| EXTRACTED ENTRIES |

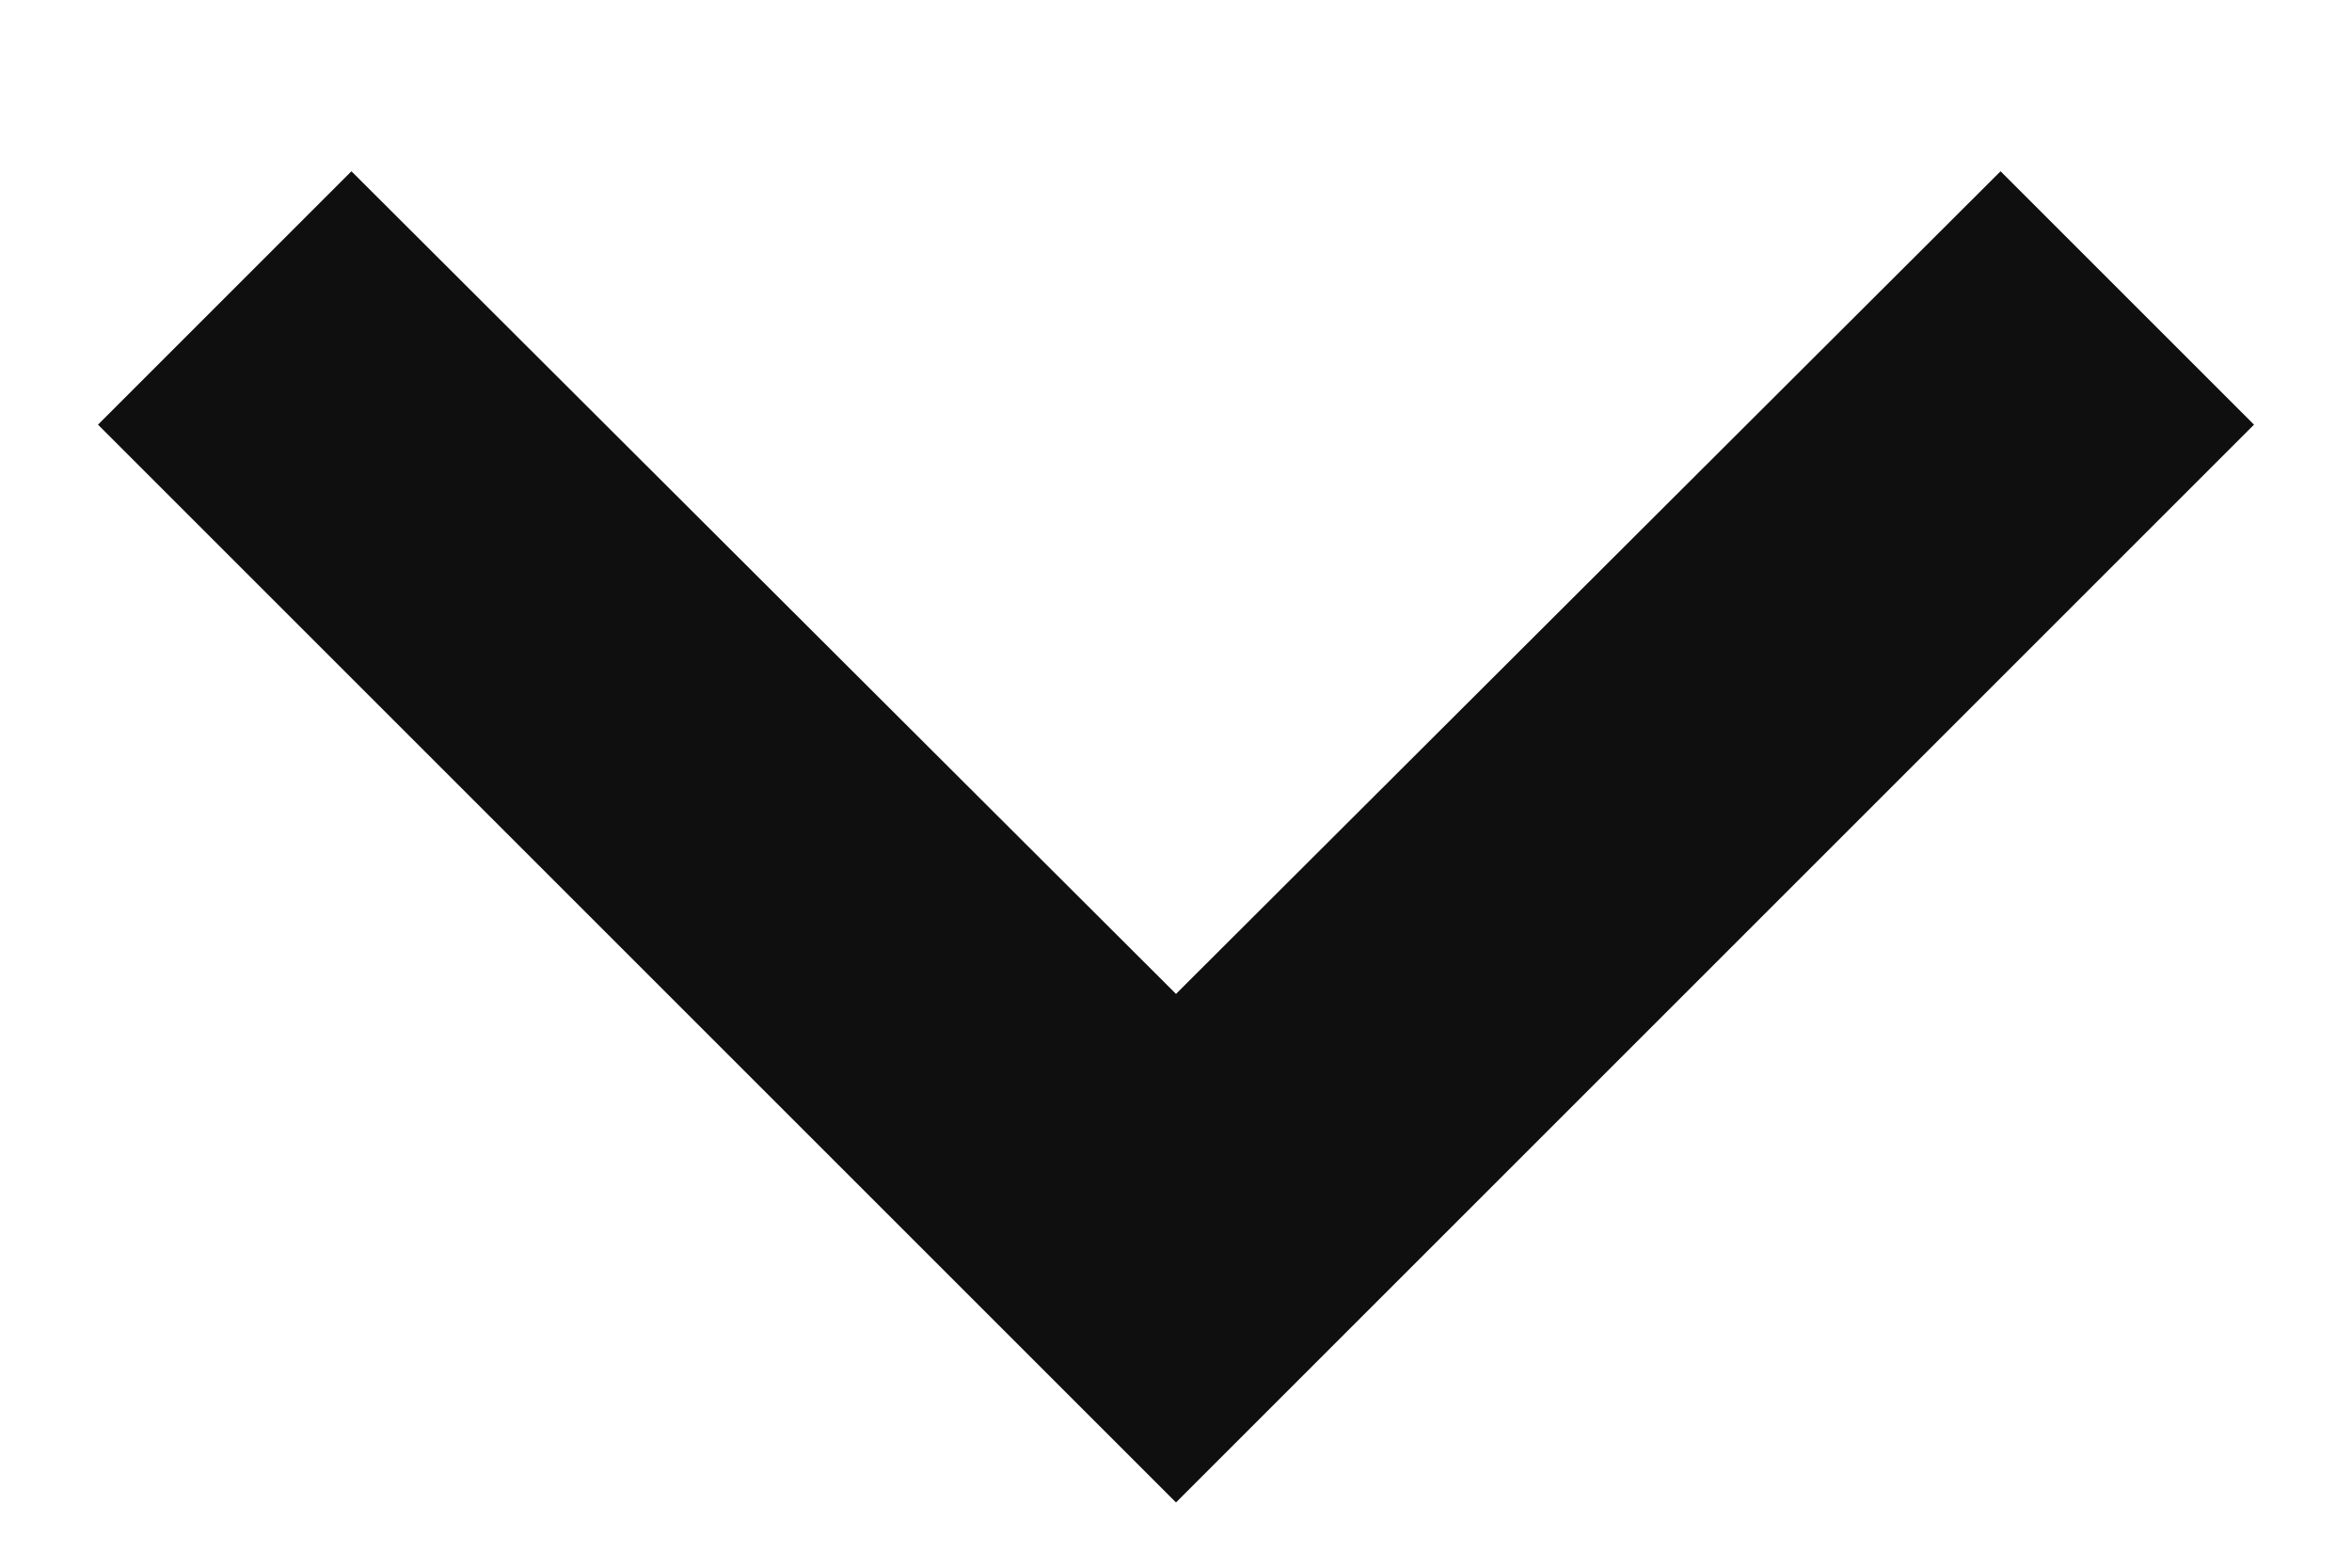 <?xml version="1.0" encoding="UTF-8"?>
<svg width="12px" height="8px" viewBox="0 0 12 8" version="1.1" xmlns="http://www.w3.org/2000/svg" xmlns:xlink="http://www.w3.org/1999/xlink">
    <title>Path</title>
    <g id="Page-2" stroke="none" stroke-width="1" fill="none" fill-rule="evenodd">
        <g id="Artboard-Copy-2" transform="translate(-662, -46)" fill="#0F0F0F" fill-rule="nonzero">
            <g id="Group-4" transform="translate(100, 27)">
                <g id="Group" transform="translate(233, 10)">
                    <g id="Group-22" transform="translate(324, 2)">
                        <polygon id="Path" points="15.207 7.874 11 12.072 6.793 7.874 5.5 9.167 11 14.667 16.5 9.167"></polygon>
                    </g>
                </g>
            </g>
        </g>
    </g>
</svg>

| WHAT IS BEING ASKED |
Only the pictures may be dropped; print every record exactly as given.

| EXERCISE RESULT |
 <?xml version="1.0" encoding="UTF-8"?>
<svg width="12px" height="8px" viewBox="0 0 12 8" version="1.1" xmlns="http://www.w3.org/2000/svg" xmlns:xlink="http://www.w3.org/1999/xlink">
    <title>Path</title>
    <g id="Page-2" stroke="none" stroke-width="1" fill="none" fill-rule="evenodd">
        <g id="Artboard-Copy-2" transform="translate(-662, -46)" fill="#0F0F0F" fill-rule="nonzero">
            <g id="Group-4" transform="translate(100, 27)">
                <g id="Group" transform="translate(233, 10)">
                    <g id="Group-22" transform="translate(324, 2)">
                        <polygon id="Path" points="15.207 7.874 11 12.072 6.793 7.874 5.5 9.167 11 14.667 16.5 9.167"></polygon>
                    </g>
                </g>
            </g>
        </g>
    </g>
</svg>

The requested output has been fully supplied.